Research output: Contribution to journalArticlepeer-review

13 Scopus citations


Introduction The US Preventive Services Task Force recommends that all patients be screened for obesity and, if needed, be provided weightloss advice. However, the prevalence of such advice is low and varies by patient demographics. This study aimed to describe the determinants of receiving weight-loss advice among a sample with a high proportion of low-income, racial/ethnic minority individuals. Methods Data were collected from a telephone survey of 1,708 households in 2009 and 2010 in 5 cities in New Jersey. Analyses were limited to 1,109 overweight or obese adults.

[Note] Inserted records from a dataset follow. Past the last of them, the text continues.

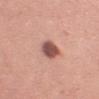Findings:
* workup — catalogued during a skin exam; not biopsied
* TBP lesion metrics — a mean CIELAB color near L≈52 a*≈24 b*≈24, a lesion–skin lightness drop of about 17, and a normalized lesion–skin contrast near 11; a border-irregularity index near 2/10, internal color variation of about 4 on a 0–10 scale, and peripheral color asymmetry of about 1.5; lesion-presence confidence of about 100/100
* subject — female, about 40 years old
* size — ≈3.5 mm
* image source — ~15 mm crop, total-body skin-cancer survey
* site — the right upper arm
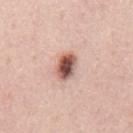Case summary:
- subject — male, approximately 55 years of age
- lesion diameter — about 3.5 mm
- TBP lesion metrics — a lesion area of about 6.5 mm², an outline eccentricity of about 0.75 (0 = round, 1 = elongated), and a shape-asymmetry score of about 0.2 (0 = symmetric); a border-irregularity index near 2/10, internal color variation of about 8 on a 0–10 scale, and a peripheral color-asymmetry measure near 2.5
- image source — ~15 mm crop, total-body skin-cancer survey
- anatomic site — the mid back
- lighting — white-light illumination
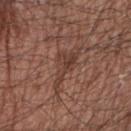<lesion>
  <biopsy_status>not biopsied; imaged during a skin examination</biopsy_status>
  <patient>
    <sex>male</sex>
    <age_approx>65</age_approx>
  </patient>
  <site>right upper arm</site>
  <image>
    <source>total-body photography crop</source>
    <field_of_view_mm>15</field_of_view_mm>
  </image>
  <automated_metrics>
    <area_mm2_approx>7.5</area_mm2_approx>
    <eccentricity>0.9</eccentricity>
    <shape_asymmetry>0.55</shape_asymmetry>
    <vs_skin_darker_L>8.0</vs_skin_darker_L>
    <vs_skin_contrast_norm>6.5</vs_skin_contrast_norm>
    <color_variation_0_10>3.0</color_variation_0_10>
    <peripheral_color_asymmetry>1.0</peripheral_color_asymmetry>
    <nevus_likeness_0_100>0</nevus_likeness_0_100>
    <lesion_detection_confidence_0_100>85</lesion_detection_confidence_0_100>
  </automated_metrics>
</lesion>
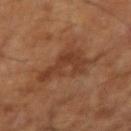Clinical summary:
Cropped from a whole-body photographic skin survey; the tile spans about 15 mm. The subject is a male approximately 65 years of age. The recorded lesion diameter is about 5 mm. The lesion is on the left arm. An algorithmic analysis of the crop reported a lesion color around L≈37 a*≈22 b*≈30 in CIELAB and roughly 8 lightness units darker than nearby skin. And it measured border irregularity of about 8.5 on a 0–10 scale, internal color variation of about 2 on a 0–10 scale, and radial color variation of about 0.5. The analysis additionally found a nevus-likeness score of about 0/100 and a lesion-detection confidence of about 100/100. The tile uses cross-polarized illumination.
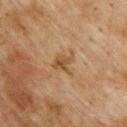On the upper back.
The patient is a male aged 73 to 77.
This image is a 15 mm lesion crop taken from a total-body photograph.
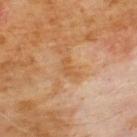Context:
A 15 mm close-up tile from a total-body photography series done for melanoma screening. The patient is a male aged approximately 60. The total-body-photography lesion software estimated a lesion area of about 2.5 mm², an outline eccentricity of about 0.85 (0 = round, 1 = elongated), and a symmetry-axis asymmetry near 0.5. And it measured a border-irregularity rating of about 5.5/10 and radial color variation of about 0. The lesion is located on the front of the torso. About 2.5 mm across.
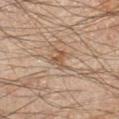This is a cross-polarized tile. A close-up tile cropped from a whole-body skin photograph, about 15 mm across. A male patient, approximately 45 years of age. From the left forearm.
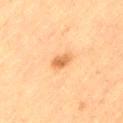Part of a total-body skin-imaging series; this lesion was reviewed on a skin check and was not flagged for biopsy.
The total-body-photography lesion software estimated a mean CIELAB color near L≈54 a*≈21 b*≈38, a lesion–skin lightness drop of about 10, and a lesion-to-skin contrast of about 7.5 (normalized; higher = more distinct). The software also gave a border-irregularity index near 2.5/10 and peripheral color asymmetry of about 1. The analysis additionally found a nevus-likeness score of about 85/100.
From the left thigh.
A lesion tile, about 15 mm wide, cut from a 3D total-body photograph.
The subject is a male aged 73–77.
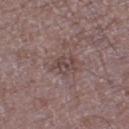follow-up — catalogued during a skin exam; not biopsied | patient — male, approximately 50 years of age | anatomic site — the left thigh | imaging modality — 15 mm crop, total-body photography | automated lesion analysis — a lesion area of about 4.5 mm², an outline eccentricity of about 0.75 (0 = round, 1 = elongated), and a symmetry-axis asymmetry near 0.35; a classifier nevus-likeness of about 0/100 and lesion-presence confidence of about 65/100 | size — ≈3 mm | illumination — white-light.
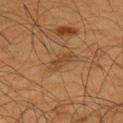Imaged during a routine full-body skin examination; the lesion was not biopsied and no histopathology is available. On the arm. A male patient, aged around 65. A lesion tile, about 15 mm wide, cut from a 3D total-body photograph. The recorded lesion diameter is about 3.5 mm. An algorithmic analysis of the crop reported an area of roughly 4.5 mm², an outline eccentricity of about 0.85 (0 = round, 1 = elongated), and a symmetry-axis asymmetry near 0.3. The software also gave border irregularity of about 3.5 on a 0–10 scale, internal color variation of about 2 on a 0–10 scale, and radial color variation of about 0.5. And it measured a lesion-detection confidence of about 100/100.
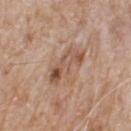Recorded during total-body skin imaging; not selected for excision or biopsy. Located on the upper back. The subject is a male in their 80s. A roughly 15 mm field-of-view crop from a total-body skin photograph. The tile uses white-light illumination.
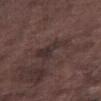This lesion was catalogued during total-body skin photography and was not selected for biopsy.
Longest diameter approximately 4.5 mm.
On the right thigh.
A male patient approximately 75 years of age.
A lesion tile, about 15 mm wide, cut from a 3D total-body photograph.
This is a white-light tile.
An algorithmic analysis of the crop reported an area of roughly 7 mm² and an outline eccentricity of about 0.9 (0 = round, 1 = elongated). The software also gave a border-irregularity index near 6.5/10 and a color-variation rating of about 2.5/10.
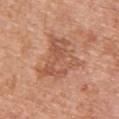Part of a total-body skin-imaging series; this lesion was reviewed on a skin check and was not flagged for biopsy.
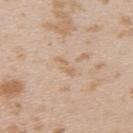The lesion was photographed on a routine skin check and not biopsied; there is no pathology result.
A 15 mm close-up extracted from a 3D total-body photography capture.
Automated tile analysis of the lesion measured a footprint of about 2.5 mm², an eccentricity of roughly 0.9, and two-axis asymmetry of about 0.4. The analysis additionally found a border-irregularity rating of about 5/10, a color-variation rating of about 0/10, and a peripheral color-asymmetry measure near 0.
A female patient, in their mid- to late 20s.
The lesion's longest dimension is about 3 mm.
Imaged with white-light lighting.
The lesion is located on the upper back.
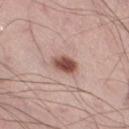biopsy status: no biopsy performed (imaged during a skin exam)
lesion diameter: ~3 mm (longest diameter)
anatomic site: the right thigh
subject: male, about 55 years old
acquisition: ~15 mm tile from a whole-body skin photo
image-analysis metrics: an outline eccentricity of about 0.6 (0 = round, 1 = elongated) and a shape-asymmetry score of about 0.2 (0 = symmetric); a nevus-likeness score of about 100/100 and lesion-presence confidence of about 100/100

Multivariate logistic regression determined the association of participants' characteristics with receiving weight-loss advice from their health care provider. Two models were used to determine differences by income and insurance status. Results Of all overweight or obese respondents, 35% reported receiving advice to lose weight. Receiving advice was significantly associated with income in multivariate analysis. Compared with those with an income at or below 100% of the federal poverty level (FPL), those within 200% to 399% of the FPL had 1.60 higher odds of receiving advice (P = .02), and those with an income of 400% or more of the FPL had 1.73 higher odds of receiving advice (P = .03). The strength of the association did not change after adjusting for health insurance. Conclusion Income is a significant predictor of whether or not overweight or obese adults receive weight-loss advice after adjustment for demographic variables, health status, and insurance status. Further work is needed to examine why disparities exist in who receives weightloss advice. Health care providers should provide weight-loss advice to all patients, regardless of income.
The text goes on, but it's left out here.